▶ YOUR INSTRUCTIONS:
Down to the last line, repeat the entries exactly and drop any image.

SOURCE RECORDS below:

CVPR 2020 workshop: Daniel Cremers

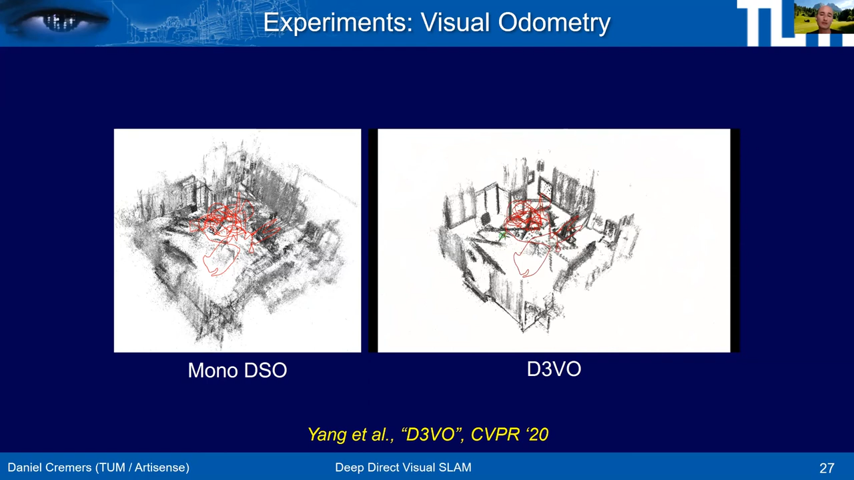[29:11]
And in comparison, D3VO, a much more crisper, sharper reconstruction, indicating that indeed the trajectory is significantly more accurate. This is the last part I wanted to talk about beyond correcting brightness variations with a deep network, you can actually try to learn brightness variations.
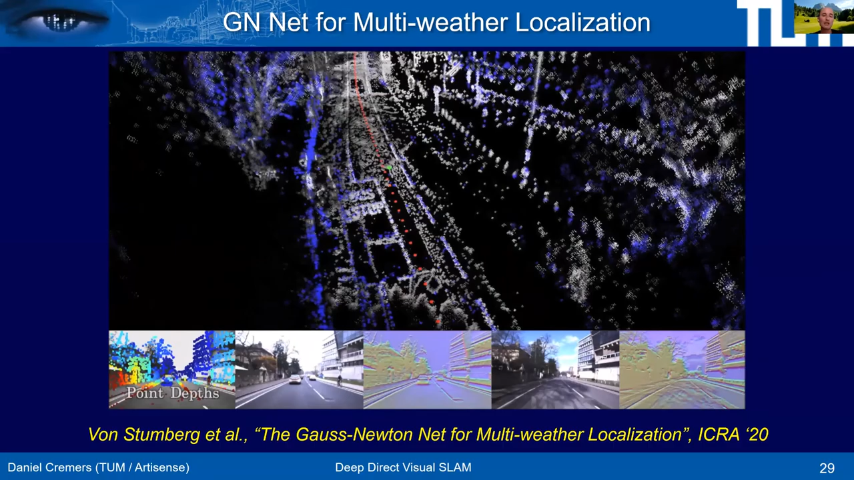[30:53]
There is actually a Gauss-Newton loss that we introduce here that makes it perfectly suited with a SLAM approach. What you see in this evaluation,
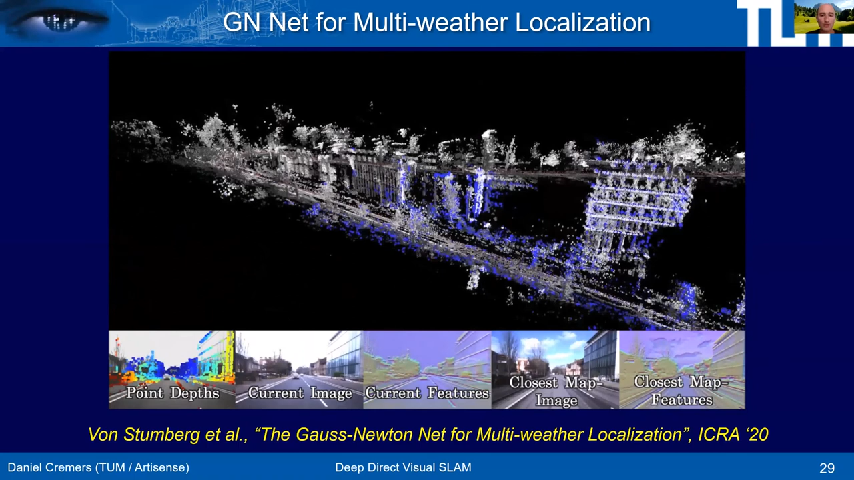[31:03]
we also have a data set that we offer publicly that has images with different weather, you know, and lots of moving objects, very realistic, challenging environment.
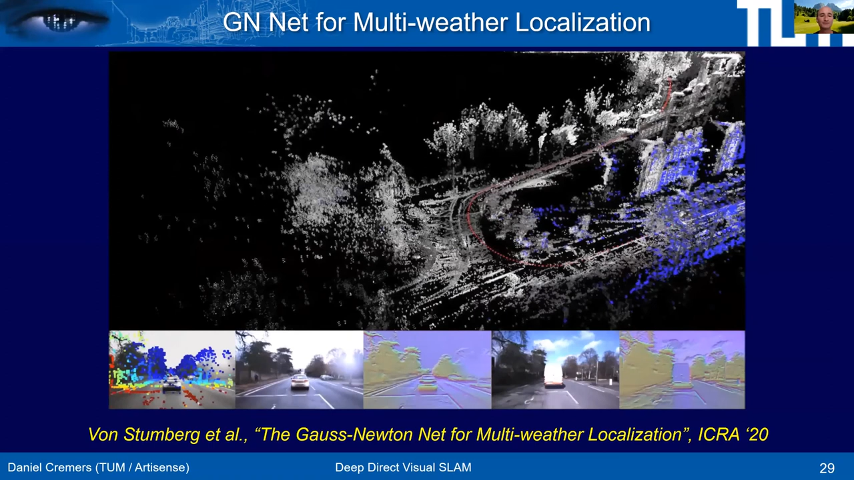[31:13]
And you see on the bottom left is always the current image. Bottom right is the closest image in the data set, in the training set. And here you see the gray point cloud is the previously recovered 3D map.

End of SOURCE RECORDS.

▶ RESULT OF THE EXERCISE:
CVPR 2020 workshop: Daniel Cremers

[29:11]
And in comparison, D3VO, a much more crisper, sharper reconstruction, indicating that indeed the trajectory is significantly more accurate. This is the last part I wanted to talk about beyond correcting brightness variations with a deep network, you can actually try to learn brightness variations.
[30:53]
There is actually a Gauss-Newton loss that we introduce here that makes it perfectly suited with a SLAM approach. What you see in this evaluation,
[31:03]
we also have a data set that we offer publicly that has images with different weather, you know, and lots of moving objects, very realistic, challenging environment.
[31:13]
And you see on the bottom left is always the current image. Bottom right is the closest image in the data set, in the training set. And here you see the gray point cloud is the previously recovered 3D map.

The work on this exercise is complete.